I’m still trying to figure out how to articulate the “1.5” language problem. Here’s my attempt.
-
There is a gap between intuitive code that looks like the algorithm and performant code that will run efficiently.
-
Work still needs to be done to go from code that works to code that is deployable.
The beginning of the talk addresses a situation where a collaborator was using MATLAB and there was disappointment that a direct port did not quickly result in fast(er) code.
In fact it probably results in slower code. While the syntax looks similar there are some important differences in semantics. MATLAB uses copy-on-write semantics whereas Julia Arrays copy eagerly by default. MATLAB also highly encourages you to go down heavily optimized official code paths whereas Julia actively encourages use of third-party code with
The notion that a quick port would automatically be fast seems naive to me, although I can see how Julia catch phrases could give that impression. The naivety posits that MathWorks has been sleeping at the wheel and could optimize the execution of MATLAB code significantly. While MathWorks has at times seemed complacent or may be purusing distinct priorities from me, I think they are also trying pretty hard to make MATLAB as fast possible, perhaps in response to Julia. For me, the miracle is that a quick port to Julia is actually possible and does work at all.

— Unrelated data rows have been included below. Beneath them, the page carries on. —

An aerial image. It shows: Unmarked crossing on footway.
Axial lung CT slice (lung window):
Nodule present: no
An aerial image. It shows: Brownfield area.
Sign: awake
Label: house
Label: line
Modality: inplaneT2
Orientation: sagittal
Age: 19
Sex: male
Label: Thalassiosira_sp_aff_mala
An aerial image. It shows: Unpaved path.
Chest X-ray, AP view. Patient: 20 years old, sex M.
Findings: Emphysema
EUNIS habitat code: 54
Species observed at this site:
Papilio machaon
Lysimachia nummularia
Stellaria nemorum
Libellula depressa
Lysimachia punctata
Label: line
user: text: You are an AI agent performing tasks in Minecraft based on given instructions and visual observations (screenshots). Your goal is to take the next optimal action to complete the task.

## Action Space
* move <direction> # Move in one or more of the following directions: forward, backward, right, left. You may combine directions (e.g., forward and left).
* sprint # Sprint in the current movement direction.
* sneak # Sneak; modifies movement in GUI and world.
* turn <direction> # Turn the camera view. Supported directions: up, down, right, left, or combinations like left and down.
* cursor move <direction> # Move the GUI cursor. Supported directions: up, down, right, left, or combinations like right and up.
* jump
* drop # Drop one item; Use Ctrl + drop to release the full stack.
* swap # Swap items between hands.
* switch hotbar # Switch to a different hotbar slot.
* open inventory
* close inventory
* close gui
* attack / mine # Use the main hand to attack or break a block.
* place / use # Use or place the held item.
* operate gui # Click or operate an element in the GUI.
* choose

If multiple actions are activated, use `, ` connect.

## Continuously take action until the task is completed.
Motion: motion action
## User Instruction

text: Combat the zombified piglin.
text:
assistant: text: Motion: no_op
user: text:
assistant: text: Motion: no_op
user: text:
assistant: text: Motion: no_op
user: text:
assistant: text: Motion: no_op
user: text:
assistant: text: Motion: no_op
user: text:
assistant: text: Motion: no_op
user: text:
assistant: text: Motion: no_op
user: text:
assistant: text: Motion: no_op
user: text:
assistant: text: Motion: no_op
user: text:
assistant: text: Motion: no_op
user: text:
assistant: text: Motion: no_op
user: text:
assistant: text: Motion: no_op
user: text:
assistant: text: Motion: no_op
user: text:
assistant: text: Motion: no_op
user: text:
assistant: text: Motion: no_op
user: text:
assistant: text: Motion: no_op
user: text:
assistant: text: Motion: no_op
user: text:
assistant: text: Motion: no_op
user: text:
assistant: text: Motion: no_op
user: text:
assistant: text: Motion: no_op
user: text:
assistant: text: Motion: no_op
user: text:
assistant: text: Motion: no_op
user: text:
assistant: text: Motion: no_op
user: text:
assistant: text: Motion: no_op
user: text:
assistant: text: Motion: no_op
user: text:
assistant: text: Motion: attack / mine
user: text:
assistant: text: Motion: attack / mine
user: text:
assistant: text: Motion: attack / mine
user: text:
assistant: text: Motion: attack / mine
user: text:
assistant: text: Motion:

That is quite rare.
My frustration with the MATLAB and Python approach is that eventually I hit a hard wall in terms of performance in spite of deploying a bag of tricks. While it can be fun “vectorizing” code or finding optimized code paths, this has it’s limits. The solution then is to build a MEX or C extension (or Cython, Numba, JAX, etc.) that creates a new “fast” path, and then use that.
What I appreciate about Julia is actually that the 1.5 language option exists. What I also appreciate about Julia is that the 1.1, 1.2, 1.3, … 1.99 language options also exist. It is possible to iterate Julia code gradually, and I can choose where along that path I want to stop. I can throw in a few @view
statements, and now my code allocates less and runs faster. I could also goes as far as writing inline LLVM IR. Importantly, there is a middle ground where I can use someone’s else LLVM IR wrapped into a API as is the case with SIMD.jl or LoopVectorization.jl.
I do program in a few other languages particularly Python and Java these days. The tragedy I see there is that open source projects can often get stuck because some of the most dedicated contributors lack the skills to fix the parts involving a second language. My most recent example of this is zarr-developers/numcodecs which is wrapper for compression codecs. There the underlying compressors went without an update for three years.
The deployment problem is vexing, but this reflects that Julia is now in a very different place than where it started. The largest artifacts of this is the large “standard” library and rather large Base
module. Where Julia started was a new solution for scientific or technical computing, so it made complete sense to have linear algebra available and loaded as quickly as possible. Now we are pushing Julia into some general purpose computing or even embedded applications that do not need matrix multiplication. Progress is being made in this area by turning “standard” packages into discrete but also “default” packages. In doing so there, there will now be the option to exclude these packages from a deployment.
A Base
replacement may eventually be needed. As Jeff explains there is an awful lot there that may not be needed in every application. A “static” micro-Base may be needed to solve this in the future. This is not a fundamental problem, however. Prototypes such as StaticTools.jl or WebAssemblyCompiler.jl show that there are a number of potential solutions available.